Looking at each line of the data below, tally those that contain the word "width" and give only the total.
───── DATASET
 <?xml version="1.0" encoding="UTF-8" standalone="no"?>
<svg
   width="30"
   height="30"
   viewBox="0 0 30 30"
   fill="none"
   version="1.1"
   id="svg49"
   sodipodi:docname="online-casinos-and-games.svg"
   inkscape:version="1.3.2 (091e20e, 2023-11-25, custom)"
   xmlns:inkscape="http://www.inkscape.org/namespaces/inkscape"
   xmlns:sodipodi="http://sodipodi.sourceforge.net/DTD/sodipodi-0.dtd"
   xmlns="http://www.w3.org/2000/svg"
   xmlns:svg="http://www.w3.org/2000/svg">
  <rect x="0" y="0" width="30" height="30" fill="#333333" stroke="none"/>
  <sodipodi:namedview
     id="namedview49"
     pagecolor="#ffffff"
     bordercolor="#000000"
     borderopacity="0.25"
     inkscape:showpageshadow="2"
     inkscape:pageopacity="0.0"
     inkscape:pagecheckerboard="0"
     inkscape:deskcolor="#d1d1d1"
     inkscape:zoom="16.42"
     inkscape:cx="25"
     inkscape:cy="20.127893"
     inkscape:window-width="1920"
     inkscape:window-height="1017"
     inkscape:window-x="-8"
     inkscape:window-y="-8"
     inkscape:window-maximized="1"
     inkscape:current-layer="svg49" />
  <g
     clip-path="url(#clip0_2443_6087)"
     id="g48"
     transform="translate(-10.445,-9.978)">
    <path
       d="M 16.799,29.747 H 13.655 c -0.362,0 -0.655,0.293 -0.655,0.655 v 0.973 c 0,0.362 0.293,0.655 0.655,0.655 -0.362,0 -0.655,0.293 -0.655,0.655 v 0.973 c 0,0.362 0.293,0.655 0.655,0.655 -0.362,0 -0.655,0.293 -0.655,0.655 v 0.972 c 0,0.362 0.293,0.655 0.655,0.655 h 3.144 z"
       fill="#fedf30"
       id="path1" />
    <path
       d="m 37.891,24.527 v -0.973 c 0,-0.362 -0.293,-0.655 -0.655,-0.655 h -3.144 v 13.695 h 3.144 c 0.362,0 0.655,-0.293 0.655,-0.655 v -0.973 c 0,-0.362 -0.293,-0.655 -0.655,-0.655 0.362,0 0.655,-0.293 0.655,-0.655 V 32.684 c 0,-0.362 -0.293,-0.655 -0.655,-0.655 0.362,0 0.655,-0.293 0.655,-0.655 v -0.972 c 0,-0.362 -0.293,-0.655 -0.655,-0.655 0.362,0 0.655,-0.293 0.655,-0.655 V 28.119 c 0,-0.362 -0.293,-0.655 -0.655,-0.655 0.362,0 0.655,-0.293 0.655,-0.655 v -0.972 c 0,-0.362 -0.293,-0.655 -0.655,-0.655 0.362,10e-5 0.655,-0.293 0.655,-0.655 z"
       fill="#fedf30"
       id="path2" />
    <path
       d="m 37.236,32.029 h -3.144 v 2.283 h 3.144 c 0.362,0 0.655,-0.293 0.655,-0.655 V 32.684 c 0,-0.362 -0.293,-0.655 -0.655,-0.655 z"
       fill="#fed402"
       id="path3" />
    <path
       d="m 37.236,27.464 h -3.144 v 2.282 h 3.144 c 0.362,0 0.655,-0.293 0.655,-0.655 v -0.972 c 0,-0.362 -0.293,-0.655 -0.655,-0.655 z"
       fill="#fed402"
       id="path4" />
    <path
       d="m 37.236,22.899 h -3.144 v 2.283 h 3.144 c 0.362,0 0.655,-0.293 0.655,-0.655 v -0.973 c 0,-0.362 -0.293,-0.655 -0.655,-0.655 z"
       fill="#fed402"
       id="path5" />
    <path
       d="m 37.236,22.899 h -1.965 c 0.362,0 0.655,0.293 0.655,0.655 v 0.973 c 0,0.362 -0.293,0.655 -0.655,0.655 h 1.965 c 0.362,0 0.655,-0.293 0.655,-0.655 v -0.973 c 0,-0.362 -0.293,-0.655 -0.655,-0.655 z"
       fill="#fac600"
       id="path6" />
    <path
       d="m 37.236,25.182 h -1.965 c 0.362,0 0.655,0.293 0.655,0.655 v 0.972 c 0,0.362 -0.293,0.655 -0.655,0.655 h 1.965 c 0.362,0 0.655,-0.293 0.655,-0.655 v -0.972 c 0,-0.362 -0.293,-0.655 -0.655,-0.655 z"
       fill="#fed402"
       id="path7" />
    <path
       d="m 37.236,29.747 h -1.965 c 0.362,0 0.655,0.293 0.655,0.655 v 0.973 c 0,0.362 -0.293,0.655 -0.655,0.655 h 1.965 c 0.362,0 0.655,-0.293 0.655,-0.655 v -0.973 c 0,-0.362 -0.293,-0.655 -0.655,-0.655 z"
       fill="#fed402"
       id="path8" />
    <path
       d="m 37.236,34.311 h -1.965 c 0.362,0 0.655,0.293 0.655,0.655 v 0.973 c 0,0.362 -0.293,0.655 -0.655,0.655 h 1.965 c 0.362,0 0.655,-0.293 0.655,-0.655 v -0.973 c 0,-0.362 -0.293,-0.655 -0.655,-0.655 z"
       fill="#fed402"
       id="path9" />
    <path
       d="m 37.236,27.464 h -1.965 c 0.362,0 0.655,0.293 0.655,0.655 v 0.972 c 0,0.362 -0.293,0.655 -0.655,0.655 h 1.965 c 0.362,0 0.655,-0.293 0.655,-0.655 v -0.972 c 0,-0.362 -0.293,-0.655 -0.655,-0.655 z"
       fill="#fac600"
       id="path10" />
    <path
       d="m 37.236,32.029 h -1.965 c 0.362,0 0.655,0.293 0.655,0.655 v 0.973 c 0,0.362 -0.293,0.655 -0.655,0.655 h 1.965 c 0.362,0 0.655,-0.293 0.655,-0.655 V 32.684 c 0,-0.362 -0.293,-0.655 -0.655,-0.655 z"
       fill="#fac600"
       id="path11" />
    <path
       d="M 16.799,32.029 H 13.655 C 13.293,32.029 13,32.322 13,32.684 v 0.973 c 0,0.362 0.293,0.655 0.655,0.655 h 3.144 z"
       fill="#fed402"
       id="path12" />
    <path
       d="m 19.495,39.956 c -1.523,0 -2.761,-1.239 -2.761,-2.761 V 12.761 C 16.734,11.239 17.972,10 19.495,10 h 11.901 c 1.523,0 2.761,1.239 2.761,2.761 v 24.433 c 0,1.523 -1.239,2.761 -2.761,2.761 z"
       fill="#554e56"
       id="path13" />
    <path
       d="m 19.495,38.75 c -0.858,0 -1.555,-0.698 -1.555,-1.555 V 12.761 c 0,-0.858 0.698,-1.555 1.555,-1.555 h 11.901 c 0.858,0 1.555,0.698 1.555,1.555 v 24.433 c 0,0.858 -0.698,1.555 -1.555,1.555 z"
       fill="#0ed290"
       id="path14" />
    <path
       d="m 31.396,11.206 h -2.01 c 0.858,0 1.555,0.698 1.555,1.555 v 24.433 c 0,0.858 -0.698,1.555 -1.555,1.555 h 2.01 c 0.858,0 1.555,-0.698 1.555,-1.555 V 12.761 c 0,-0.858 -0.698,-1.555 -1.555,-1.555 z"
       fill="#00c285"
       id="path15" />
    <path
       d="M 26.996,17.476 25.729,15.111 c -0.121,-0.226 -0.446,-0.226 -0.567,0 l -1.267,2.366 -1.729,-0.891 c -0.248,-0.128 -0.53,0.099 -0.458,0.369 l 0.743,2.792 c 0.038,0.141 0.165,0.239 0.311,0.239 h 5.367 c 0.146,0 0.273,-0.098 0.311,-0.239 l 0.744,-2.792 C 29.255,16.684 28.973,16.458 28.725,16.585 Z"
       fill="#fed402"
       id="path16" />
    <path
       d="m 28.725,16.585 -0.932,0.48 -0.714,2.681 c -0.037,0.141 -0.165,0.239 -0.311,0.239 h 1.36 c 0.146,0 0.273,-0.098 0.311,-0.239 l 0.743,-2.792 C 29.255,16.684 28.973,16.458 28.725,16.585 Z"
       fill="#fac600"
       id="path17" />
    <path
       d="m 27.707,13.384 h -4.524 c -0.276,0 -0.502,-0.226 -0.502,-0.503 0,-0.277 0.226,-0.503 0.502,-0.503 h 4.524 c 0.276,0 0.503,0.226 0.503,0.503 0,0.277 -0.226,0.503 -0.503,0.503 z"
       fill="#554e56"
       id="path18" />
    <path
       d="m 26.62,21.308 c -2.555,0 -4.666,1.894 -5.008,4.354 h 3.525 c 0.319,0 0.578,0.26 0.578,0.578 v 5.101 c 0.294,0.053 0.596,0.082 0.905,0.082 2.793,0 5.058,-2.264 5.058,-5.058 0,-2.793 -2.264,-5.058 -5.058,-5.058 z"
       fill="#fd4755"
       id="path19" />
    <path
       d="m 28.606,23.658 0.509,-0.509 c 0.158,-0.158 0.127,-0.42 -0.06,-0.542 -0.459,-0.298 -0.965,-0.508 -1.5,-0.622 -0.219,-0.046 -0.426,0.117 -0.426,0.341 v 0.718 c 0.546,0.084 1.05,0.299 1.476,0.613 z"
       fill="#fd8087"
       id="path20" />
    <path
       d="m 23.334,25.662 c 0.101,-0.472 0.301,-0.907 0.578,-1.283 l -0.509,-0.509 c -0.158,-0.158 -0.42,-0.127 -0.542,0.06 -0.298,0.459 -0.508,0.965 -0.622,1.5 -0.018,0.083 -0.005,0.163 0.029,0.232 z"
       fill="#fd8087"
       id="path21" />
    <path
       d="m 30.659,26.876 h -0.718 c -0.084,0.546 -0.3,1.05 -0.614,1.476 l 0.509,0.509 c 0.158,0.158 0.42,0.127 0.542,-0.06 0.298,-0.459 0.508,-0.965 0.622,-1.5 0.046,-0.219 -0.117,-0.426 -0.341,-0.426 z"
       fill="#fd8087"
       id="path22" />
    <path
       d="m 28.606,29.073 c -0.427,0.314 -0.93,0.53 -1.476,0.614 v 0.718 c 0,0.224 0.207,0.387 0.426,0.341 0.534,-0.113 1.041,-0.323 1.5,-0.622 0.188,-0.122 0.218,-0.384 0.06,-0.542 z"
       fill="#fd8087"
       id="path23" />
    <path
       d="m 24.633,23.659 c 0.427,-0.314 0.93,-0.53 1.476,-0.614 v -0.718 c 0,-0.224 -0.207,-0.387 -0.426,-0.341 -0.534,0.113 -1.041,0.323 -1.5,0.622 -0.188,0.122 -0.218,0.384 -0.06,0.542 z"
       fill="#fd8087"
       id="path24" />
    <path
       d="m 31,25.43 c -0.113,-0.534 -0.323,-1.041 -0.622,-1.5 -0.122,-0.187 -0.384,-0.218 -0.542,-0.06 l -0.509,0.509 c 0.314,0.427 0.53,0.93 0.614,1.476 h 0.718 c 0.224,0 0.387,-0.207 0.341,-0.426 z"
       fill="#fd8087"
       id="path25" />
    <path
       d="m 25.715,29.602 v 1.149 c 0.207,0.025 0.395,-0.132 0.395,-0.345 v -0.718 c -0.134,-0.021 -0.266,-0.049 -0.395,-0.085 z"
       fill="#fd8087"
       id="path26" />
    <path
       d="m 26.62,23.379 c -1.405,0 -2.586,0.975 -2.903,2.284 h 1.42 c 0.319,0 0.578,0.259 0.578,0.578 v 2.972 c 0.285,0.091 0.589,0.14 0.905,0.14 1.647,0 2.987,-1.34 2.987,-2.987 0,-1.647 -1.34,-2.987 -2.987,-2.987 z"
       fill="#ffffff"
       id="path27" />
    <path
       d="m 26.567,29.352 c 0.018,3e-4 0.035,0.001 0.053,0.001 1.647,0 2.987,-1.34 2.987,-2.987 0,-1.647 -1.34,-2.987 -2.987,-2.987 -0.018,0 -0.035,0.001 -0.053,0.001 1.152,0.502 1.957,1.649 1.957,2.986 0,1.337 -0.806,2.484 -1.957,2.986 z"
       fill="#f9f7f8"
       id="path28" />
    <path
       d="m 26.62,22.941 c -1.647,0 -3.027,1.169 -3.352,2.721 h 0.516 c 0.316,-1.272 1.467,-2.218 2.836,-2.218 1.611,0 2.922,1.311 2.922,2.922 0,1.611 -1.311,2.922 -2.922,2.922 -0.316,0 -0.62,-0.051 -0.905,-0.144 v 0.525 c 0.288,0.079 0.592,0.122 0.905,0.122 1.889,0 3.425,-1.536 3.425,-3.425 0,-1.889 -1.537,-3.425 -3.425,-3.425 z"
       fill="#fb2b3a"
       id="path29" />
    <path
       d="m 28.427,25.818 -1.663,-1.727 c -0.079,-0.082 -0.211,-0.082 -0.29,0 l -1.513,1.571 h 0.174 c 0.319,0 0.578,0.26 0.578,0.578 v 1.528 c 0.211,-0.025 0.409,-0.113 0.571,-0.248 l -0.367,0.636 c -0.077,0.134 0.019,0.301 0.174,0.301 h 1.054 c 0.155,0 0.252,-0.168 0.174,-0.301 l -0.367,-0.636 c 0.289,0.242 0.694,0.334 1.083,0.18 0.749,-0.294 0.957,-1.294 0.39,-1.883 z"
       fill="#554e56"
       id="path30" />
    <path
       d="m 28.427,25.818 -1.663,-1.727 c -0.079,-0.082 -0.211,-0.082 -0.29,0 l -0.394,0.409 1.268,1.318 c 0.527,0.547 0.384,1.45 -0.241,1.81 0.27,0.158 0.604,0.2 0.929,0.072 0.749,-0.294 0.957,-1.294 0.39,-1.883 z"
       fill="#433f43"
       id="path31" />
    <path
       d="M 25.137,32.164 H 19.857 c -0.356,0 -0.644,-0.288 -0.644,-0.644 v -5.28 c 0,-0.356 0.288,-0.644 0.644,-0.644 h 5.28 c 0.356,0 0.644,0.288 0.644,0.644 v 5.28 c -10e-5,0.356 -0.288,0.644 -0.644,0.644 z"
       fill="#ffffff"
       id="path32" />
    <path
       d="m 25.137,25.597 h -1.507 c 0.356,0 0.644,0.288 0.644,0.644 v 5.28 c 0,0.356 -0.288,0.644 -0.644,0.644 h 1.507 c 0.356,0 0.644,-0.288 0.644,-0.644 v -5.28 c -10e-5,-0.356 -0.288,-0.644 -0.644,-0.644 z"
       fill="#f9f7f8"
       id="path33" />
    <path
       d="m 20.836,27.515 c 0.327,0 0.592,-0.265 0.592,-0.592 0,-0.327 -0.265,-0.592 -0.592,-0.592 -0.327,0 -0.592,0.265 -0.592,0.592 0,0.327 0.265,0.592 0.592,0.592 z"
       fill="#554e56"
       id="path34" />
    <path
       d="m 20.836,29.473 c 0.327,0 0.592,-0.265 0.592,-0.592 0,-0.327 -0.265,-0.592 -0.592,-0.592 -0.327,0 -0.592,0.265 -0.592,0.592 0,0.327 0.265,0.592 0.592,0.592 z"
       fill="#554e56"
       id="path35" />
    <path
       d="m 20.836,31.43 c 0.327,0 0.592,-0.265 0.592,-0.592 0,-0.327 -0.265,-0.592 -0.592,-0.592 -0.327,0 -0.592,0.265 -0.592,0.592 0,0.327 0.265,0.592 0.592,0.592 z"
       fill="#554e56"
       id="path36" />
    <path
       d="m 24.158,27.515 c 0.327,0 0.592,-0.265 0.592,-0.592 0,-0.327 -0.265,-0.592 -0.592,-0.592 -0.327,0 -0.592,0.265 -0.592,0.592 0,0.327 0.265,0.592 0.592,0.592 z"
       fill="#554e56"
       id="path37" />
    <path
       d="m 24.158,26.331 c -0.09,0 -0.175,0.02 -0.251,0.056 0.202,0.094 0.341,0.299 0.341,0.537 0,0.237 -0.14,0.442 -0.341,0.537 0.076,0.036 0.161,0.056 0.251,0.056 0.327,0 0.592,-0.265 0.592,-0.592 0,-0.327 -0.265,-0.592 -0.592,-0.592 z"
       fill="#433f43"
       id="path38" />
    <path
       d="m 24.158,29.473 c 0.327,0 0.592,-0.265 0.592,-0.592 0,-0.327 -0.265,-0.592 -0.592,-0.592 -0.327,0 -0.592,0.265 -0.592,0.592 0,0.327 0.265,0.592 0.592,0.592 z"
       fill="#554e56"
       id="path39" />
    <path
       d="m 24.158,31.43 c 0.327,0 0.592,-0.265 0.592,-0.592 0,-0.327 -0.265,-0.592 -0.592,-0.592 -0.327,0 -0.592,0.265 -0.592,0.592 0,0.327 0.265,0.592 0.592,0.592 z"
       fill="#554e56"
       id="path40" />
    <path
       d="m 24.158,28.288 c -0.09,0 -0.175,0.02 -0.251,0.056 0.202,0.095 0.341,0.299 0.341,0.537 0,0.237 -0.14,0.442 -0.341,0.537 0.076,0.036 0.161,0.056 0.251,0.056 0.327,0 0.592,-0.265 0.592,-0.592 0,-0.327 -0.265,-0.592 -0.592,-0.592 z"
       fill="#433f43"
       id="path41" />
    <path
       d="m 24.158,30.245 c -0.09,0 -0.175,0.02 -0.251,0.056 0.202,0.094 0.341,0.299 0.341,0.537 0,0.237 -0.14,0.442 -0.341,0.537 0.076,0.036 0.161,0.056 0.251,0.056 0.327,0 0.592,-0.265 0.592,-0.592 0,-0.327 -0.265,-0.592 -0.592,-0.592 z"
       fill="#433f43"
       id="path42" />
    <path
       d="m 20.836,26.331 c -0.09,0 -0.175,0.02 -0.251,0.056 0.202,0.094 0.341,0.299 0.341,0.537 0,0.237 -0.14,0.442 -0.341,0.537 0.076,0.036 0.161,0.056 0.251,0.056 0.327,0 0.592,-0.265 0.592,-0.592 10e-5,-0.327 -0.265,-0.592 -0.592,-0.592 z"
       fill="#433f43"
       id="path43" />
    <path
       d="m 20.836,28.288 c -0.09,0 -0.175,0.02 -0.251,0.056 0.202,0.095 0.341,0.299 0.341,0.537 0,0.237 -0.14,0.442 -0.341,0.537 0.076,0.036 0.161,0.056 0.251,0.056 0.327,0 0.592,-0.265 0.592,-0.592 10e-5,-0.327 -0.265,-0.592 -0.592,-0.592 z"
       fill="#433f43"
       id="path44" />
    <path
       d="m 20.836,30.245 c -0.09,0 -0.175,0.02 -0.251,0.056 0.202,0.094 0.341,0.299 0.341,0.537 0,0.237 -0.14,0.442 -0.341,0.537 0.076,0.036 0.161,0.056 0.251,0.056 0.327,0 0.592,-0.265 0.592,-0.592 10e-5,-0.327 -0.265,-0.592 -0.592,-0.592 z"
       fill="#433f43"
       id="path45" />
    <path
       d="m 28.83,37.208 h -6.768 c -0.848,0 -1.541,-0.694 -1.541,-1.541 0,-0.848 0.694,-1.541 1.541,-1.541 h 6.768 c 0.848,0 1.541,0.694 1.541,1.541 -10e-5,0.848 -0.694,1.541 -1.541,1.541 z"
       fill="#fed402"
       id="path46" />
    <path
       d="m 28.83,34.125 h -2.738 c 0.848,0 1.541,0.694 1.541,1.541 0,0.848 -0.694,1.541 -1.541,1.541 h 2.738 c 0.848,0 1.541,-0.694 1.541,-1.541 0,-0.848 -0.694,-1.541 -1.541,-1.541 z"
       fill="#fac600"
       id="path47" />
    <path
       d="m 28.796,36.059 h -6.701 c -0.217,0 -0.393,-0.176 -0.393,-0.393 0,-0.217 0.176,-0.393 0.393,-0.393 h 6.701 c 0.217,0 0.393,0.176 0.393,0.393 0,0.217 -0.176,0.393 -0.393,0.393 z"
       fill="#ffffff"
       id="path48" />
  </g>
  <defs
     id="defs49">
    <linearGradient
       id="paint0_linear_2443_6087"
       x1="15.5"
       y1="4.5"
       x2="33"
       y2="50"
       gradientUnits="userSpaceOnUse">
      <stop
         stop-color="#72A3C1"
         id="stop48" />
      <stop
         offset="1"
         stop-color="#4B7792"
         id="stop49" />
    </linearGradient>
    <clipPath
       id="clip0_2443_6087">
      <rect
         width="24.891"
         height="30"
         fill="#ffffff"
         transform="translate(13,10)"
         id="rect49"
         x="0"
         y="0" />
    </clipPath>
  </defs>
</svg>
──────────
> _EXERCISE RESULT_: 4